In response to thermal radiation, surface temperature depends on the thermal emissivity of the material. Light, reflective or metallic surfaces exposed to radiation tend to maintain lower temperatures than dark, non-metallic ones

Convection will alter the rate of heat transfer (and surface temperature) of an insulator depending on the flow characteristics of the gas or fluid in contact with it.

With multiple modes of heat transfer, the final surface temperature (and hence observed energy flux and calculated R-value) will be dependent on the relative contributions of radiation, conduction and convection even though the total energy contribution remains the same.

This is an important consideration in building construction because heat energy arrives in different forms and proportions.
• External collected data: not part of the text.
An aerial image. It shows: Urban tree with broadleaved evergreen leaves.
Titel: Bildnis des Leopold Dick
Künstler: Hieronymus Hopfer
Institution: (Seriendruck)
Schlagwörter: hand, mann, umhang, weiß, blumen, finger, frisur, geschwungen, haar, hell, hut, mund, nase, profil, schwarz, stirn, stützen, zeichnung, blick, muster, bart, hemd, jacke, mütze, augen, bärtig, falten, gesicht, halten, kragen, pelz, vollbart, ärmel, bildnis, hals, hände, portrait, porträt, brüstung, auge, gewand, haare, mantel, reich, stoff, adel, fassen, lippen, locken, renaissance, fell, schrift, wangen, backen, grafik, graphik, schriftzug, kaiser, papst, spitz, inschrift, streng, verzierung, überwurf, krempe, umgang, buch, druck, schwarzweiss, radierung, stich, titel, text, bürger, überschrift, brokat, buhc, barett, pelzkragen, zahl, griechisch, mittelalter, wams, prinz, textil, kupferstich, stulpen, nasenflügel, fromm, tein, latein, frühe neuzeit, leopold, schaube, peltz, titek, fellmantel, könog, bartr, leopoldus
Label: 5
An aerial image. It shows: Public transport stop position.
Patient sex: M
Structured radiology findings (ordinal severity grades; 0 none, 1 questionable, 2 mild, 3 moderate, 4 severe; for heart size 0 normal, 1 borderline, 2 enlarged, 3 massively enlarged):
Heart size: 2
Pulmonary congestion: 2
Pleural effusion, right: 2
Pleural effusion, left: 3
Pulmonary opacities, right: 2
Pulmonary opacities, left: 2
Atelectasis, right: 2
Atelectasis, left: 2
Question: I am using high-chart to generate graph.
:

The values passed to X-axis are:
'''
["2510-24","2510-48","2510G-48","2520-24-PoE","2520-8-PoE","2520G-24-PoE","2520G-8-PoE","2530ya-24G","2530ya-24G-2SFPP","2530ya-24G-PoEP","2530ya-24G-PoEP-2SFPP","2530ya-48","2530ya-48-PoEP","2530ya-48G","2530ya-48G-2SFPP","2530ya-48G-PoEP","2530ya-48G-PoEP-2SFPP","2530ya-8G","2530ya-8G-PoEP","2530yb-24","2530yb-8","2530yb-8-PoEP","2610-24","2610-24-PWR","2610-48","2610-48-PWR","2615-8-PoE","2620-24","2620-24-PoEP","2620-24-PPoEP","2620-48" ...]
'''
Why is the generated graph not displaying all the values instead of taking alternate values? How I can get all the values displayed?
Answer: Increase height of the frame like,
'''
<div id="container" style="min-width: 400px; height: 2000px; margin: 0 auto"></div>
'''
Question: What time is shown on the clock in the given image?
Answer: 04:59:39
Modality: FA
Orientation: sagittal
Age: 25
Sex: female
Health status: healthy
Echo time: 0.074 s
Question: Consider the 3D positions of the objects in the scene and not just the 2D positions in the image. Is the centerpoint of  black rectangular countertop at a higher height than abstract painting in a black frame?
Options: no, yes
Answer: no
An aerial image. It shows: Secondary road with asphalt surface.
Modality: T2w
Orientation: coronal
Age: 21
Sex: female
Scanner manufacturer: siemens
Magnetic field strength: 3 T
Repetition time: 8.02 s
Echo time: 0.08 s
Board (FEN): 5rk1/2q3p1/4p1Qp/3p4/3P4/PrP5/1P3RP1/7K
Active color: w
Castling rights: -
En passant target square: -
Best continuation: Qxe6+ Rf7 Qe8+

The contribution of radioactive and conductive heat sources also varies throughout the year and both are important contributors to thermal comfort.

In the hot season, solar radiation predominates as the source of heat gain. On the other hand, conductive and convective heat losses play a more significant role during the cooler months.

The limitations of R-values in evaluating radiant barriers

Further information: Radiant barrier

Further information: Cool roofs

Unlike bulk insulators, radiant barriers resist conducted heat poorly. Materials such as reflective foil have a high thermal conductivity and would function poorly as a conductive insulator. Radiant barriers retard heat flow by two means - by reflecting radiant energy away from its surface or by reducing the emission of radiation from its opposite side.

The question of how to quantify performance of other systems such as radiant barriers has resulted in controversy and confusion in the building industry with the use of R-values or equivalent R-values' for products which have entirely different systems of inhibiting heat transfer. According to current standards, R-values are most reliably stated for bulk insulation materials. All of the products quoted at the end are examples of these.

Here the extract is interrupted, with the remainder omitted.